Given the exceptional developments enumerated above, however, there’s little or no history that’s relevant to today.

That means we don’t have past patterns to fall back on or to extrapolate from. As I’ve said, if you’ve never experienced something before, you can’t say you know how it’s going to turn out.

While unique developments like those of today make forecasting unusually difficult, the presence of all four elements at once probably renders it impossible. In addition to the difficulty of understanding each of the four individually, we can’t be sure how they’ll interact. For example:

  • Will the massive, multi-faceted Fed/Treasury program of loans, grants, stimulus and bond buying be sufficient to offset the unparalleled damage done to the economy by the fight against Covid-19?

  • To what extent will the reopening bring back economic activity, and to what extent will that cause the spread of the disease to resume, and the renewal of lock-downs?

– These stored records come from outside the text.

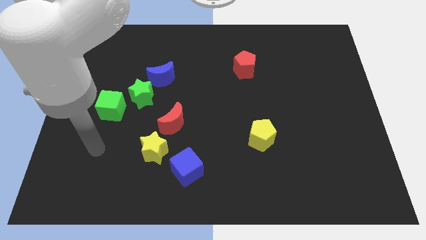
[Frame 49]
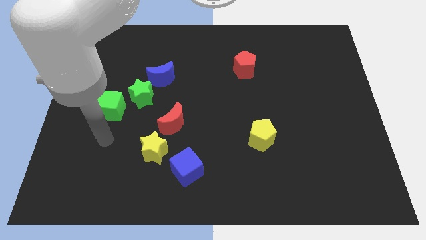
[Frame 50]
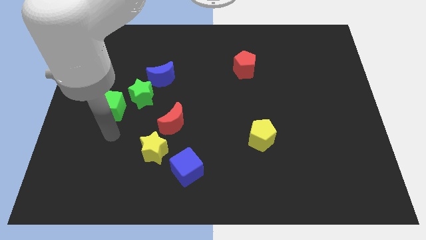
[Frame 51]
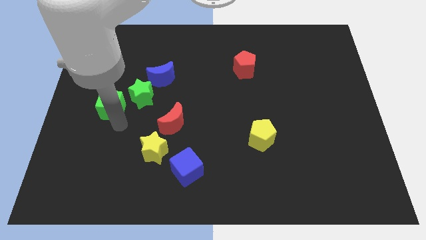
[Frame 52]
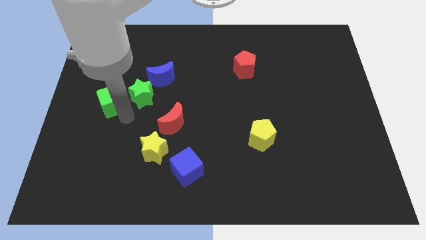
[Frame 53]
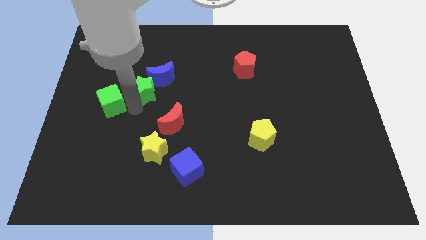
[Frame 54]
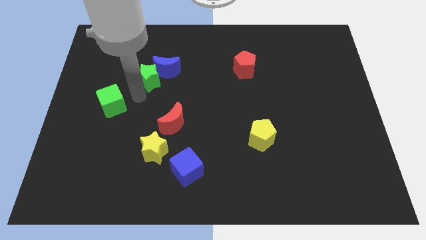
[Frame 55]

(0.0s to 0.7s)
pull the green cube apart from the green star

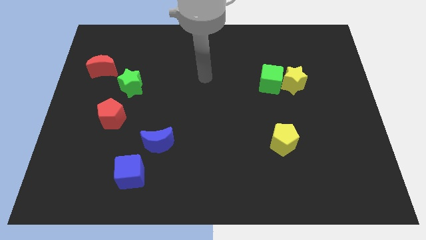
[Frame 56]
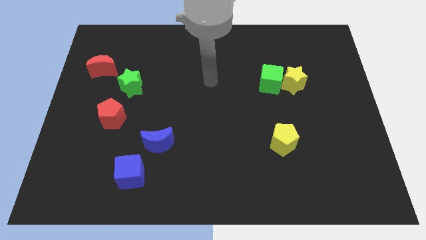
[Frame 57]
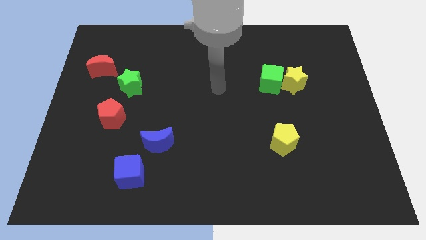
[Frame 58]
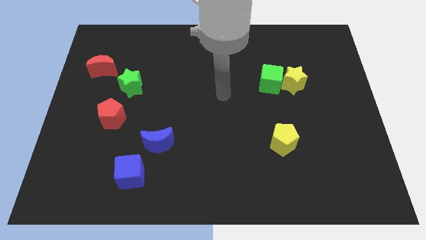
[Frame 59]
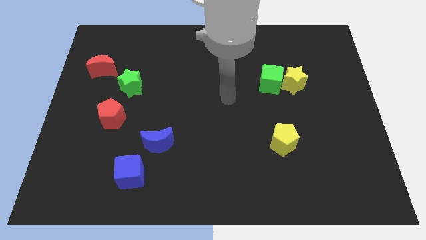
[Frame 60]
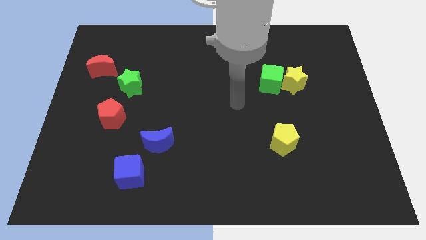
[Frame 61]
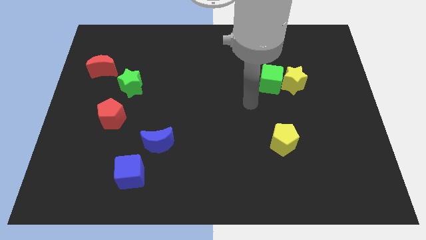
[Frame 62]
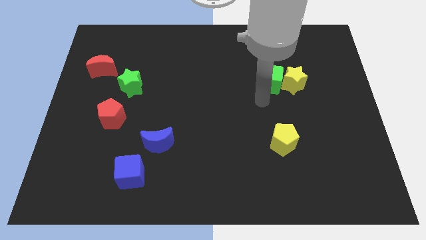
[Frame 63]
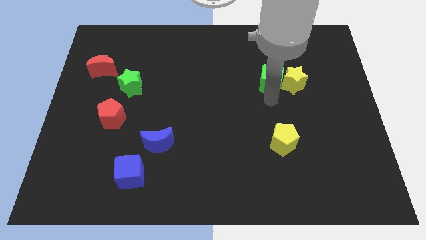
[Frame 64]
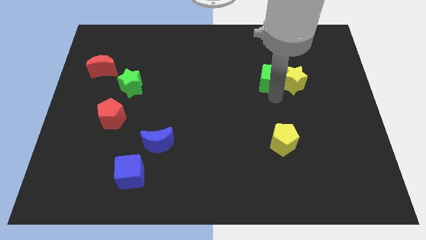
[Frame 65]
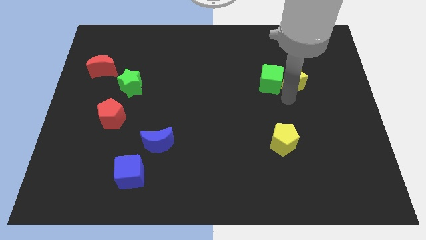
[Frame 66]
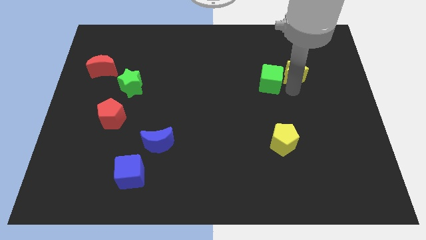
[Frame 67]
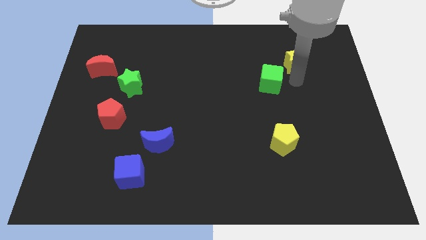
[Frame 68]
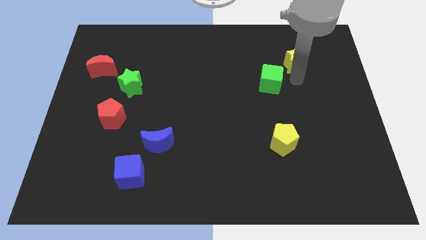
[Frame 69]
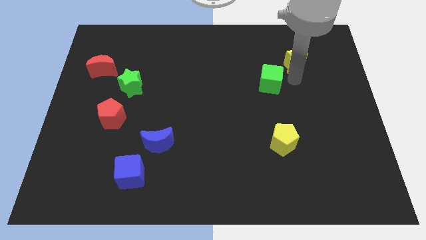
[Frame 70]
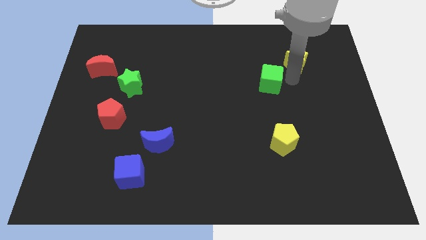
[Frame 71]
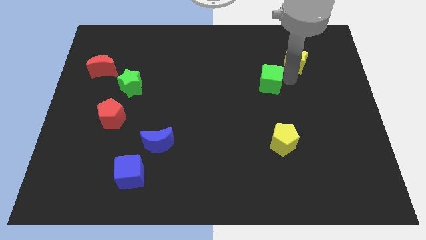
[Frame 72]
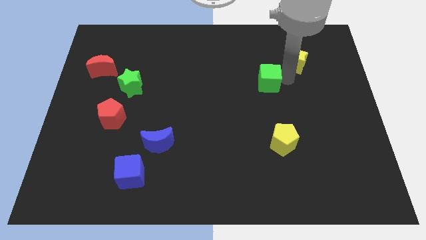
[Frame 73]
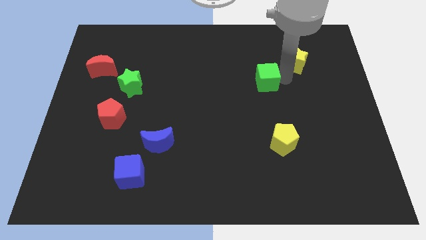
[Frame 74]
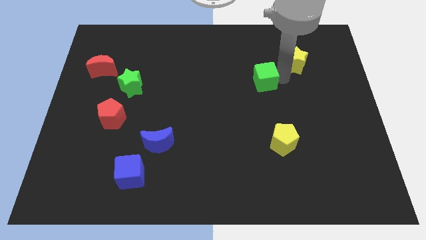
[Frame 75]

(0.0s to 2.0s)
separate the green cube from the yellow star

For investors, the future is determined by thousands of factors, such as the internal workings of economies, the participants’ psyches, exogenous events, governmental action, weather and other forms of randomness.  Thus the problem is enormously multi-variate. 

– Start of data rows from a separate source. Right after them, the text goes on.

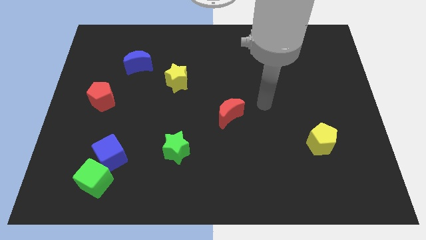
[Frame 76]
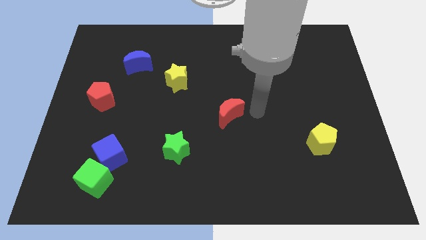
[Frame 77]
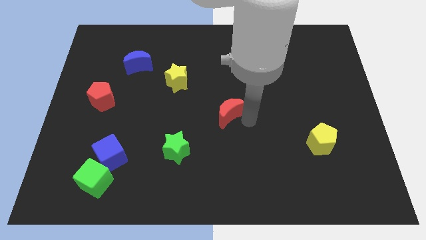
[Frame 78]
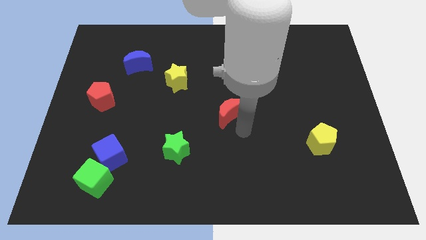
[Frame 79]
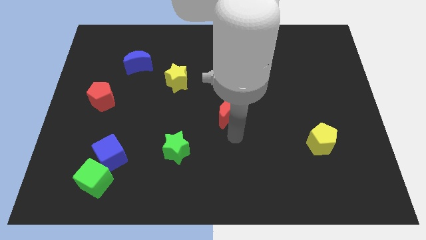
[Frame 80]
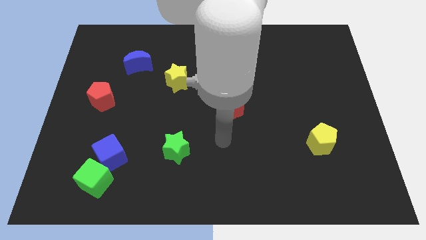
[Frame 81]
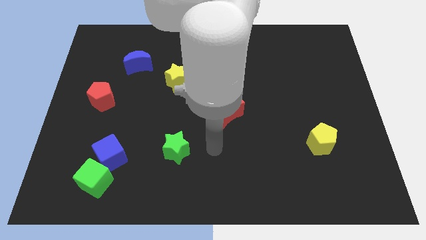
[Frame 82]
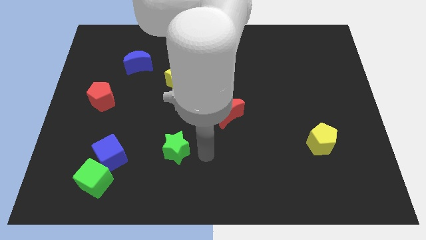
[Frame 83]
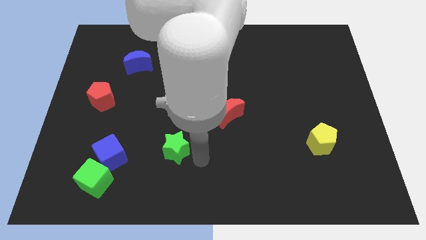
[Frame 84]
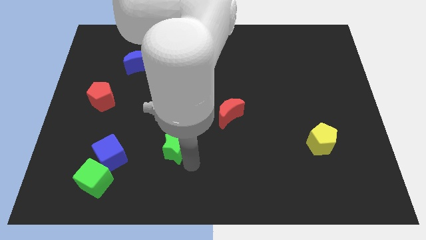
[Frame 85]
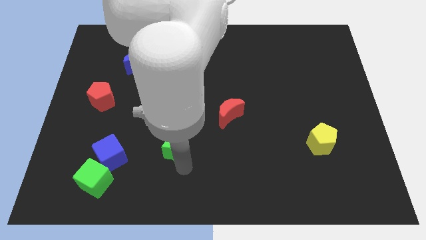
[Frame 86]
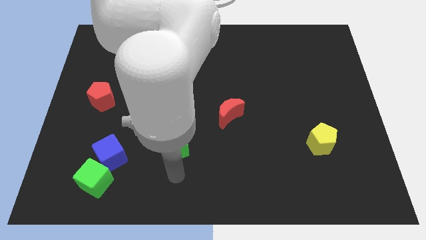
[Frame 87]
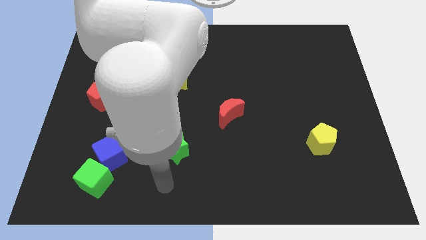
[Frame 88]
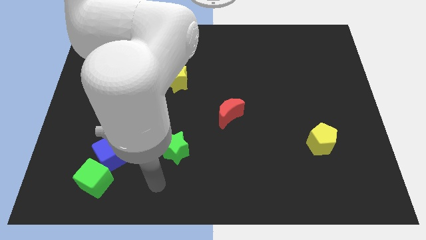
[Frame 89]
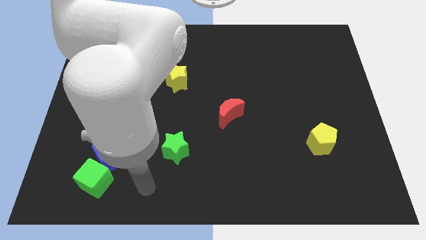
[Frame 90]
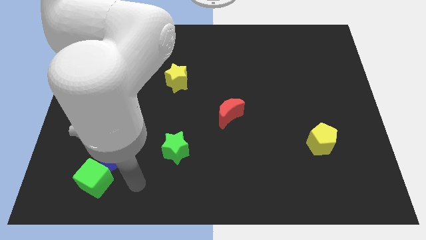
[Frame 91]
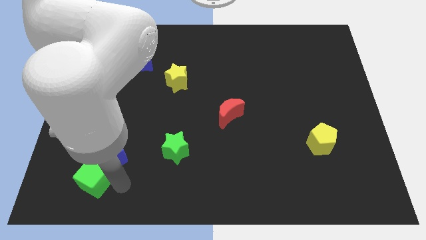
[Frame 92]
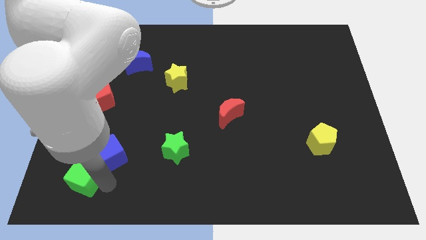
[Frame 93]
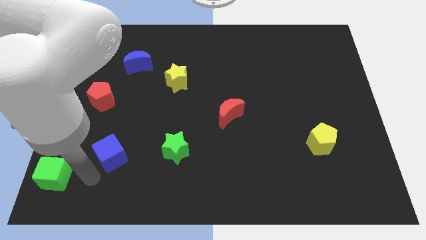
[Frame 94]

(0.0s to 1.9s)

As Marks asks, rhetorically:

“Who can respond to this many questions, come up with valid answers, consider their interaction, appropriately weight the various considerations on the basis of their importance, and process them for a useful conclusion regarding the virus’s impact?”

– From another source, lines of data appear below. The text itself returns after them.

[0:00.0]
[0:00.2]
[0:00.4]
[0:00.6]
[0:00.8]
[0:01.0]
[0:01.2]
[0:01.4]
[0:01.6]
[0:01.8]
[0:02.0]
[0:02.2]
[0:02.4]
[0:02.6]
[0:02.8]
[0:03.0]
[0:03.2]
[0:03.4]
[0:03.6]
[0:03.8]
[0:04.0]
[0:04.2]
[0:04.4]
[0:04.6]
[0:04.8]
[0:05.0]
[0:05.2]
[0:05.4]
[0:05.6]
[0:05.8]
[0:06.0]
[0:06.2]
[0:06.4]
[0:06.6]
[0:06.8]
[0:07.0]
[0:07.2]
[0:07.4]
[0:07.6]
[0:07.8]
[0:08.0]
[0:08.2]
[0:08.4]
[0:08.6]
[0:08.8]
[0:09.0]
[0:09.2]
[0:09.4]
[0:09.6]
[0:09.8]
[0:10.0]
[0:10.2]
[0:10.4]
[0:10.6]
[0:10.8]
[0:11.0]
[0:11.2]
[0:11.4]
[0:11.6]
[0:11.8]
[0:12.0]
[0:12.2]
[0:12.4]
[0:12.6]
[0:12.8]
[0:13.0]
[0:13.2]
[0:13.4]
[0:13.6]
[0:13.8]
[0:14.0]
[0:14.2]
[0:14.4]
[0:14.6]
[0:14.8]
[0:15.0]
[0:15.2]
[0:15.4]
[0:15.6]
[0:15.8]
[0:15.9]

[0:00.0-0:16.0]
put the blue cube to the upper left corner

Who indeed? Well, it would appear that as long as The Fed keeps printing, or promising to print, or promising that if things get worse it will print, everything will be awesome.

But Marks is not buying that. In a Bloomberg “Front Row” interview, the billionaire hedge fund manager asked “Can the Fed keep it up forever?”

“Those of us in the markets believe that stocks and bonds are selling at prices they wouldn’t sell at if the Fed were not the dominant force. So if the Fed were to recede, we would all take over as buyers, but I don’t think at these levels.”

And thus, the dilemma for policy-makers is no longer their mandate-driven balance of inflation and employment but the just how hard can we push the pedal to the metal to keep the wealth effect going before the engine explodes (or worse still, the financialized economy is exposed for the fallacy that is has become).

What happens, as Marks notes, when the funding runs out? (or if the funding runs out) and we have already seen credit markets – despite all the hype of Fed direct ETF intervention and issuance – are not drinking from the same Kool-Aid jug as the stock markets…

The mantra of “you can’t fight the Fed” appears to be ignored by credit overall, and Marks agrees – expecting a slow and halting recovery from the COVID-19 pandemic and said “there will be plenty” of debt defaults and bankruptcies when corporate borrowers start running out of cash in the months ahead.

“There are large, highly levered companies and investment vehicles that the government and Fed rescue program is not likely to reach and take care of,” he said.

Specifically, Marks notes that while the central bank has committed to buying investment-grade bonds and debt recently downgraded to junk, it hasn’t extended that support to less-creditworthy issuers.

“They could do that,” Marks said.

“And in theory, if they bought aggressively, they could make all the markets rise. Now everyone would know that that’s a Potemkin market, a fake, and the minute they stopped things would collapse.

Finally, in one of his recent memos to clients, Marks quoted a saying:

“Capitalism without bankruptcy is like Catholicism without hell.”

In the interview, he reiterated that fear, worrying that Fed support for the credit market will result in moral hazard – the likelihood that those who escape the consequences for reckless behavior will be reckless again.

As Marks summed up in his latest letter to investors, no one can succeed in predicting things that are heavily influenced by randomness and otherwise inconsistent.

Maybe Voltaire said it best 250 years ago: Doubt is not a pleasant condition, but certainty is absurd.